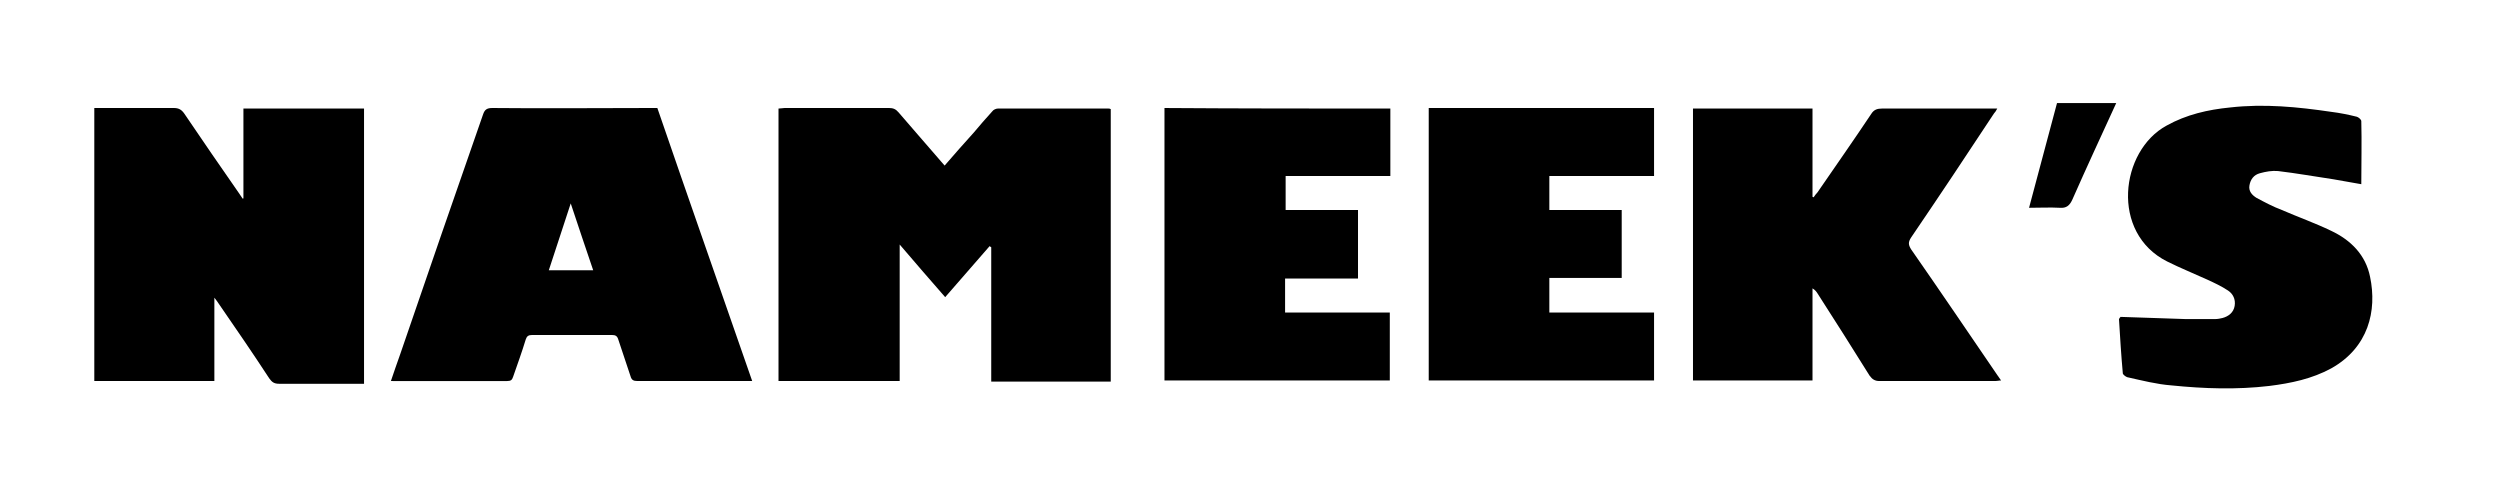 <?xml version="1.0" encoding="utf-8"?>
<!-- Generator: Adobe Illustrator 26.0.2, SVG Export Plug-In . SVG Version: 6.00 Build 0)  -->
<svg version="1.1" id="Layer_1" xmlns="http://www.w3.org/2000/svg" xmlns:xlink="http://www.w3.org/1999/xlink" x="0px" y="0px"
	 viewBox="0 0 456 91.9" style="enable-background:new 0 0 456 91.9;" xml:space="preserve">
<style type="text/css">
	.st0{fill-rule:evenodd;clip-rule:evenodd;}
</style>
<g>
	<path class="st0" d="M386,18.8c-2.7,5.9-5.4,11.7-8,17.6c-0.5,1.1-1.1,1.6-2.3,1.5c-1.8-0.1-3.6,0-5.6,0c1.7-6.4,3.4-12.8,5.1-19.1
		C378.7,18.8,382.3,18.8,386,18.8z"/>
	<path class="st0" d="M142,69.5c0-16.6,0-33.1,0-49.7c0.4,0,0.8-0.1,1.1-0.1c6.4,0,12.8,0,19.1,0c0.7,0,1.2,0.2,1.7,0.8
		c2.3,2.7,4.7,5.4,7.1,8.2c0.4,0.5,0.8,0.9,1.3,1.5c1.8-2.1,3.5-4,5.3-6c1.1-1.3,2.2-2.6,3.4-3.9c0.2-0.3,0.7-0.5,1-0.5
		c6.7,0,13.5,0,20.2,0c0.1,0,0.2,0,0.4,0.1c0,16.6,0,33.1,0,49.7c-7.3,0-14.5,0-21.8,0c0-8.2,0-16.3,0-24.5
		c-0.1-0.1-0.2-0.1-0.3-0.2c-2.7,3.1-5.4,6.2-8.1,9.3c-2.8-3.2-5.4-6.2-8.3-9.6c0,8.5,0,16.7,0,24.9C156.6,69.5,149.4,69.5,142,69.5
		z"/>
	<path class="st0" d="M44.4,36.2c0-5.4,0-10.9,0-16.4c7.4,0,14.6,0,22,0c0,16.7,0,33.4,0,50.2c-0.6,0-1.1,0-1.7,0
		c-4.6,0-9.2,0-13.8,0c-0.9,0-1.3-0.3-1.8-1c-3-4.6-6.1-9.1-9.2-13.6c-0.2-0.3-0.4-0.6-0.8-1.1c0,5.2,0,10.2,0,15.2
		c-7.4,0-14.6,0-21.9,0c0-16.6,0-33.1,0-49.8c0.5,0,0.9,0,1.4,0c4.4,0,8.7,0,13.1,0c0.9,0,1.4,0.3,1.9,1c3.3,4.9,6.7,9.8,10.1,14.7
		c0.2,0.3,0.4,0.6,0.6,0.9C44.2,36.2,44.3,36.2,44.4,36.2z"/>
	<path class="st0" d="M71.3,69.5c0.6-1.7,1.1-3.3,1.7-4.9C78,50,83,35.5,88.1,20.9c0.3-0.9,0.7-1.2,1.7-1.2c9.6,0.1,19.2,0,28.8,0
		c0.4,0,0.8,0,1.3,0c5.7,16.6,11.5,33.1,17.3,49.8c-0.5,0-0.8,0-1.1,0c-6.6,0-13.2,0-19.8,0c-0.8,0-1.1-0.2-1.3-0.9
		c-0.7-2.2-1.5-4.4-2.2-6.6c-0.2-0.7-0.5-0.9-1.2-0.9c-4.8,0-9.6,0-14.5,0c-0.7,0-1,0.2-1.2,0.8c-0.7,2.3-1.5,4.5-2.3,6.8
		c-0.2,0.6-0.4,0.8-1.1,0.8c-6.9,0-13.7,0-20.6,0C71.7,69.5,71.5,69.5,71.3,69.5z M108.2,49.3c-1.4-4.1-2.7-8-4.1-12.2
		c-1.4,4.3-2.7,8.2-4,12.2C102.9,49.3,105.5,49.3,108.2,49.3z"/>
	<path class="st0" d="M308.8,19.8c7.3,0,14.5,0,21.8,0c0,5.4,0,10.7,0,16.1c0.1,0,0.2,0.1,0.2,0.1c0.2-0.3,0.4-0.6,0.7-0.9
		c3.3-4.8,6.6-9.5,9.8-14.3c0.5-0.8,1.1-1,2-1c6.9,0,13.9,0,21,0c-0.2,0.4-0.4,0.7-0.6,0.9c-5,7.6-10,15.1-15.1,22.6
		c-0.6,0.9-0.5,1.4,0,2.2c5.3,7.6,10.5,15.3,15.7,22.9c0.2,0.3,0.4,0.6,0.7,1c-0.4,0-0.7,0.1-1,0.1c-7.1,0-14.2,0-21.2,0
		c-0.8,0-1.3-0.3-1.8-1c-3.1-5-6.3-10-9.5-15c-0.2-0.3-0.4-0.6-0.9-0.9c0,5.6,0,11.1,0,16.8c-7.3,0-14.5,0-21.8,0
		C308.8,52.9,308.8,36.4,308.8,19.8z"/>
	<path class="st0" d="M253.6,19.8c0,4.1,0,8.2,0,12.3c-6.4,0-12.7,0-19.1,0c0,2.1,0,4.1,0,6.2c4.4,0,8.8,0,13.2,0
		c0,4.2,0,8.3,0,12.5c-4.4,0-8.8,0-13.3,0c0,2.1,0,4.1,0,6.2c6.3,0,12.7,0,19.1,0c0,4.2,0,8.3,0,12.4c-13.7,0-27.3,0-41.1,0
		c0-16.5,0-33.1,0-49.7C226.2,19.8,239.9,19.8,253.6,19.8z"/>
	<path class="st0" d="M260.6,19.7c13.7,0,27.3,0,41.1,0c0,4.1,0,8.2,0,12.4c-6.3,0-12.7,0-19.1,0c0,2.1,0,4.1,0,6.2
		c4.4,0,8.8,0,13.2,0c0,4.2,0,8.2,0,12.4c-4.4,0-8.8,0-13.2,0c0,2.1,0,4.1,0,6.3c6.3,0,12.7,0,19.1,0c0,4.2,0,8.3,0,12.4
		c-13.7,0-27.3,0-41.1,0C260.6,52.9,260.6,36.4,260.6,19.7z"/>
	<path class="st0" d="M386.8,57.8c4,0.1,7.9,0.3,11.9,0.4c1.8,0,3.6,0,5.3,0c0.5,0,1-0.1,1.4-0.2c1.1-0.3,2-1,2.2-2.2
		s-0.3-2.2-1.2-2.8c-1.2-0.8-2.5-1.4-3.8-2c-2.4-1.1-4.9-2.1-7.3-3.3c-10.4-5.2-8.6-20.2-0.1-24.8c3.6-2,7.5-2.9,11.6-3.3
		c6.2-0.7,12.3-0.1,18.4,0.8c1.6,0.2,3.1,0.5,4.7,0.9c0.3,0.1,0.8,0.5,0.8,0.8c0.1,3.8,0,7.5,0,11.5c-1.8-0.3-3.4-0.6-5.1-0.9
		c-3.4-0.5-6.7-1.1-10.1-1.5c-1.1-0.1-2.2,0.1-3.3,0.4c-1.1,0.3-1.7,1.1-1.9,2.2c-0.2,1.1,0.5,1.8,1.3,2.3c1.5,0.8,3,1.6,4.6,2.2
		c3,1.3,6.1,2.4,9,3.8c3.6,1.7,6.3,4.4,7.1,8.4c1.3,6.2-0.3,12.9-7.1,16.7c-3.5,1.9-7.3,2.7-11.3,3.2c-5.9,0.7-11.9,0.5-17.8-0.1
		c-2.7-0.2-5.4-0.9-8.1-1.5c-0.3-0.1-0.8-0.5-0.8-0.7c-0.3-3.3-0.5-6.6-0.7-9.9C386.6,58,386.7,57.9,386.8,57.8z"/>
</g>
</svg>

::::::

**Your objective:**
Your task is to return the entries above exactly, with no pictures.

**Response area:**
 <?xml version="1.0" encoding="utf-8"?>
<!-- Generator: Adobe Illustrator 26.0.2, SVG Export Plug-In . SVG Version: 6.00 Build 0)  -->
<svg version="1.1" id="Layer_1" xmlns="http://www.w3.org/2000/svg" xmlns:xlink="http://www.w3.org/1999/xlink" x="0px" y="0px"
	 viewBox="0 0 456 91.9" style="enable-background:new 0 0 456 91.9;" xml:space="preserve">
<style type="text/css">
	.st0{fill-rule:evenodd;clip-rule:evenodd;}
</style>
<g>
	<path class="st0" d="M386,18.8c-2.7,5.9-5.4,11.7-8,17.6c-0.5,1.1-1.1,1.6-2.3,1.5c-1.8-0.1-3.6,0-5.6,0c1.7-6.4,3.4-12.8,5.1-19.1
		C378.7,18.8,382.3,18.8,386,18.8z"/>
	<path class="st0" d="M142,69.5c0-16.6,0-33.1,0-49.7c0.4,0,0.8-0.1,1.1-0.1c6.4,0,12.8,0,19.1,0c0.7,0,1.2,0.2,1.7,0.8
		c2.3,2.7,4.7,5.4,7.1,8.2c0.4,0.5,0.8,0.9,1.3,1.5c1.8-2.1,3.5-4,5.3-6c1.1-1.3,2.2-2.6,3.4-3.9c0.2-0.3,0.7-0.5,1-0.5
		c6.7,0,13.5,0,20.2,0c0.1,0,0.2,0,0.4,0.1c0,16.6,0,33.1,0,49.7c-7.3,0-14.5,0-21.8,0c0-8.2,0-16.3,0-24.5
		c-0.1-0.1-0.2-0.1-0.3-0.2c-2.7,3.1-5.4,6.2-8.1,9.3c-2.8-3.2-5.4-6.2-8.3-9.6c0,8.5,0,16.7,0,24.9C156.6,69.5,149.4,69.5,142,69.5
		z"/>
	<path class="st0" d="M44.4,36.2c0-5.4,0-10.9,0-16.4c7.4,0,14.6,0,22,0c0,16.7,0,33.4,0,50.2c-0.6,0-1.1,0-1.7,0
		c-4.6,0-9.2,0-13.8,0c-0.9,0-1.3-0.3-1.8-1c-3-4.6-6.1-9.1-9.2-13.6c-0.2-0.3-0.4-0.6-0.8-1.1c0,5.2,0,10.2,0,15.2
		c-7.4,0-14.6,0-21.9,0c0-16.6,0-33.1,0-49.8c0.5,0,0.9,0,1.4,0c4.4,0,8.7,0,13.1,0c0.9,0,1.4,0.3,1.9,1c3.3,4.9,6.7,9.8,10.1,14.7
		c0.2,0.3,0.4,0.6,0.6,0.9C44.2,36.2,44.3,36.2,44.4,36.2z"/>
	<path class="st0" d="M71.3,69.5c0.6-1.7,1.1-3.3,1.7-4.9C78,50,83,35.5,88.1,20.9c0.3-0.9,0.7-1.2,1.7-1.2c9.6,0.1,19.2,0,28.8,0
		c0.4,0,0.8,0,1.3,0c5.7,16.6,11.5,33.1,17.3,49.8c-0.5,0-0.8,0-1.1,0c-6.6,0-13.2,0-19.8,0c-0.8,0-1.1-0.2-1.3-0.9
		c-0.7-2.2-1.5-4.4-2.2-6.6c-0.2-0.7-0.5-0.9-1.2-0.9c-4.8,0-9.6,0-14.5,0c-0.7,0-1,0.2-1.2,0.8c-0.7,2.3-1.5,4.5-2.3,6.8
		c-0.2,0.6-0.4,0.8-1.1,0.8c-6.9,0-13.7,0-20.6,0C71.7,69.5,71.5,69.5,71.3,69.5z M108.2,49.3c-1.4-4.1-2.7-8-4.1-12.2
		c-1.4,4.3-2.7,8.2-4,12.2C102.9,49.3,105.5,49.3,108.2,49.3z"/>
	<path class="st0" d="M308.8,19.8c7.3,0,14.5,0,21.8,0c0,5.4,0,10.7,0,16.1c0.1,0,0.2,0.1,0.2,0.1c0.2-0.3,0.4-0.6,0.7-0.9
		c3.3-4.8,6.6-9.5,9.8-14.3c0.5-0.8,1.1-1,2-1c6.9,0,13.9,0,21,0c-0.2,0.4-0.4,0.7-0.6,0.9c-5,7.6-10,15.1-15.1,22.6
		c-0.6,0.9-0.5,1.4,0,2.2c5.3,7.6,10.5,15.3,15.7,22.9c0.2,0.3,0.4,0.6,0.7,1c-0.4,0-0.7,0.1-1,0.1c-7.1,0-14.2,0-21.2,0
		c-0.8,0-1.3-0.3-1.8-1c-3.1-5-6.3-10-9.5-15c-0.2-0.3-0.4-0.6-0.9-0.9c0,5.6,0,11.1,0,16.8c-7.3,0-14.5,0-21.8,0
		C308.8,52.9,308.8,36.4,308.8,19.8z"/>
	<path class="st0" d="M253.6,19.8c0,4.1,0,8.2,0,12.3c-6.4,0-12.7,0-19.1,0c0,2.1,0,4.1,0,6.2c4.4,0,8.8,0,13.2,0
		c0,4.2,0,8.3,0,12.5c-4.4,0-8.8,0-13.3,0c0,2.1,0,4.1,0,6.2c6.3,0,12.7,0,19.1,0c0,4.2,0,8.3,0,12.4c-13.7,0-27.3,0-41.1,0
		c0-16.5,0-33.1,0-49.7C226.2,19.8,239.9,19.8,253.6,19.8z"/>
	<path class="st0" d="M260.6,19.7c13.7,0,27.3,0,41.1,0c0,4.1,0,8.2,0,12.4c-6.3,0-12.7,0-19.1,0c0,2.1,0,4.1,0,6.2
		c4.4,0,8.8,0,13.2,0c0,4.2,0,8.2,0,12.4c-4.4,0-8.8,0-13.2,0c0,2.1,0,4.1,0,6.3c6.3,0,12.7,0,19.1,0c0,4.2,0,8.3,0,12.4
		c-13.7,0-27.3,0-41.1,0C260.6,52.9,260.6,36.4,260.6,19.7z"/>
	<path class="st0" d="M386.8,57.8c4,0.1,7.9,0.3,11.9,0.4c1.8,0,3.6,0,5.3,0c0.5,0,1-0.1,1.4-0.2c1.1-0.3,2-1,2.2-2.2
		s-0.3-2.2-1.2-2.8c-1.2-0.8-2.5-1.4-3.8-2c-2.4-1.1-4.9-2.1-7.3-3.3c-10.4-5.2-8.6-20.2-0.1-24.8c3.6-2,7.5-2.9,11.6-3.3
		c6.2-0.7,12.3-0.1,18.4,0.8c1.6,0.2,3.1,0.5,4.7,0.9c0.3,0.1,0.8,0.5,0.8,0.8c0.1,3.8,0,7.5,0,11.5c-1.8-0.3-3.4-0.6-5.1-0.9
		c-3.4-0.5-6.7-1.1-10.1-1.5c-1.1-0.1-2.2,0.1-3.3,0.4c-1.1,0.3-1.7,1.1-1.9,2.2c-0.2,1.1,0.5,1.8,1.3,2.3c1.5,0.8,3,1.6,4.6,2.2
		c3,1.3,6.1,2.4,9,3.8c3.6,1.7,6.3,4.4,7.1,8.4c1.3,6.2-0.3,12.9-7.1,16.7c-3.5,1.9-7.3,2.7-11.3,3.2c-5.9,0.7-11.9,0.5-17.8-0.1
		c-2.7-0.2-5.4-0.9-8.1-1.5c-0.3-0.1-0.8-0.5-0.8-0.7c-0.3-3.3-0.5-6.6-0.7-9.9C386.6,58,386.7,57.9,386.8,57.8z"/>
</g>
</svg>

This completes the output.